Could someone please help me identify my cichlid? Also is this a male or female?










Thanks,

Jon


----------



## a7oneal (Dec 30, 2004)

Metriaclima callainos


----------



## noki (Jun 13, 2003)

Cobalt Zebra, Metriaclima callainos, probably male


----------



## dielikemoviestars (Oct 23, 2007)

I believe his name is George.


----------



## ilikefishies (Apr 29, 2008)

I also believe that he probably doesn't speak english because he doesn't listen to a word I say!!


----------



## ilikefishies (Apr 29, 2008)

So how big should he be for about 8 months of owning him? The closest that I can tell he is about 3" from end to end. Does he look healthy, proper coloring and all?

Jon

While I was out tonight I decided to get a few more tankmates for him. I bought two more callainos, one yellow and one albino. I also bought an acei but I'm not exactly sure what kind. I couldn't resist as he is beautiful. He is a dark blue with a yellow top fin. I am concerned about the acei being compatible but so far everything seems okay. I am kind of experimenting with a tank setup that incorporates some hiding areas for these guys. I have another concern about the size differences between the three new fish (all around 1") and my existing cobalt. Will I have to worry about the size difference or is it not too big of a deal if they are all compatible fish? Hopefully the fish police don't yell at me too much if the acei isn't quite a match but I am obsessed with ciclids right now and just could not wait to get some!


----------



## dielikemoviestars (Oct 23, 2007)

You might want to post this in the Malawi forum, but you'll get the following questions:

What's the new/current stock list?
How big is the tank (dimensions)?

And are you saying the new callainos are yellow and albino? Because those don't exist. Or do you mean 2 cobalts, a yellow fish, and an albino fish (4 total)?

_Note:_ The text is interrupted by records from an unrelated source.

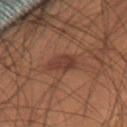No biopsy was performed on this lesion — it was imaged during a full skin examination and was not determined to be concerning.
Measured at roughly 3.5 mm in maximum diameter.
A 15 mm crop from a total-body photograph taken for skin-cancer surveillance.
A male patient in their mid- to late 50s.
Imaged with cross-polarized lighting.
On the leg.
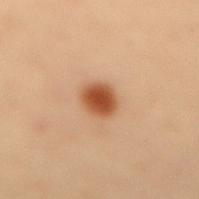Assessment: Part of a total-body skin-imaging series; this lesion was reviewed on a skin check and was not flagged for biopsy. Image and clinical context: The recorded lesion diameter is about 3 mm. A female subject about 50 years old. This is a cross-polarized tile. This image is a 15 mm lesion crop taken from a total-body photograph. The lesion is located on the mid back.
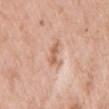Impression:
Part of a total-body skin-imaging series; this lesion was reviewed on a skin check and was not flagged for biopsy.
Background:
Imaged with white-light lighting. A roughly 15 mm field-of-view crop from a total-body skin photograph. The patient is a female aged 63 to 67. Approximately 3 mm at its widest. On the right upper arm.
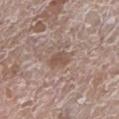{
  "lesion_size": {
    "long_diameter_mm_approx": 3.0
  },
  "patient": {
    "sex": "female",
    "age_approx": "85+"
  },
  "site": "left lower leg",
  "image": {
    "source": "total-body photography crop",
    "field_of_view_mm": 15
  },
  "automated_metrics": {
    "area_mm2_approx": 4.0,
    "shape_asymmetry": 0.3,
    "nevus_likeness_0_100": 35,
    "lesion_detection_confidence_0_100": 100
  },
  "lighting": "white-light"
}
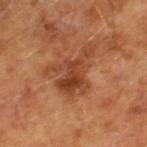Case summary:
– follow-up — no biopsy performed (imaged during a skin exam)
– lighting — cross-polarized
– imaging modality — ~15 mm tile from a whole-body skin photo
– subject — male, aged 63–67
– size — ~6 mm (longest diameter)
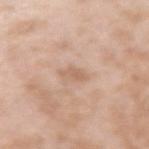Impression: Imaged during a routine full-body skin examination; the lesion was not biopsied and no histopathology is available. Acquisition and patient details: On the right upper arm. A male subject, aged approximately 45. This image is a 15 mm lesion crop taken from a total-body photograph.
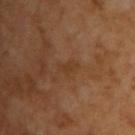Case summary:
• patient — male, aged approximately 65
• acquisition — ~15 mm tile from a whole-body skin photo
• illumination — cross-polarized
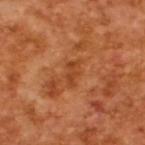notes — catalogued during a skin exam; not biopsied
subject — male, aged around 65
automated lesion analysis — an area of roughly 4 mm² and an eccentricity of roughly 0.85; a lesion color around L≈43 a*≈27 b*≈39 in CIELAB, a lesion–skin lightness drop of about 7, and a normalized lesion–skin contrast near 6; an automated nevus-likeness rating near 0 out of 100 and a lesion-detection confidence of about 100/100
lighting — cross-polarized illumination
size — ~3 mm (longest diameter)
image — 15 mm crop, total-body photography
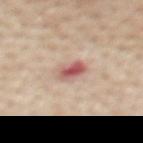Q: Was a biopsy performed?
A: catalogued during a skin exam; not biopsied
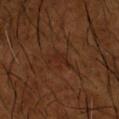A male patient, aged 63–67. On the left forearm. This image is a 15 mm lesion crop taken from a total-body photograph.
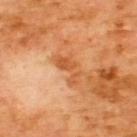biopsy status — imaged on a skin check; not biopsied
image — ~15 mm tile from a whole-body skin photo
TBP lesion metrics — a lesion area of about 7 mm² and an outline eccentricity of about 0.9 (0 = round, 1 = elongated); an average lesion color of about L≈55 a*≈28 b*≈42 (CIELAB), a lesion–skin lightness drop of about 10, and a lesion-to-skin contrast of about 7 (normalized; higher = more distinct)
subject — male, in their mid-60s
anatomic site — the upper back
tile lighting — cross-polarized
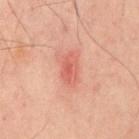| key | value |
|---|---|
| biopsy status | total-body-photography surveillance lesion; no biopsy |
| image-analysis metrics | a classifier nevus-likeness of about 65/100 and a detector confidence of about 100 out of 100 that the crop contains a lesion |
| location | the chest |
| tile lighting | cross-polarized |
| image source | ~15 mm crop, total-body skin-cancer survey |
| lesion size | ≈4 mm |
| subject | male, in their mid- to late 60s |

Generally, you want to have 1m/3+f of each species (Electric Yellows and Aceis, the ratio is less important as they're monomorphic). As long as the callainos is well fed and can't easily snack on the newbies, they should be fine.


----------



## lovemycichlids805 (Apr 11, 2008)

Personally I think she looks like a female. I have both a male and a female metriaclima callainos and they are both beautiful fish. Have fun!


----------



## MalawiLover (Sep 12, 2006)

dielikemoviestars said:


> I believe his name is George.


I was thinking he looked more like a Mario :lol:

Very nice cobalt you have there. It is getting hard to find ones og that quality in LFS.

I am going with - probably a male. My females have much more rounded anal fins.


----------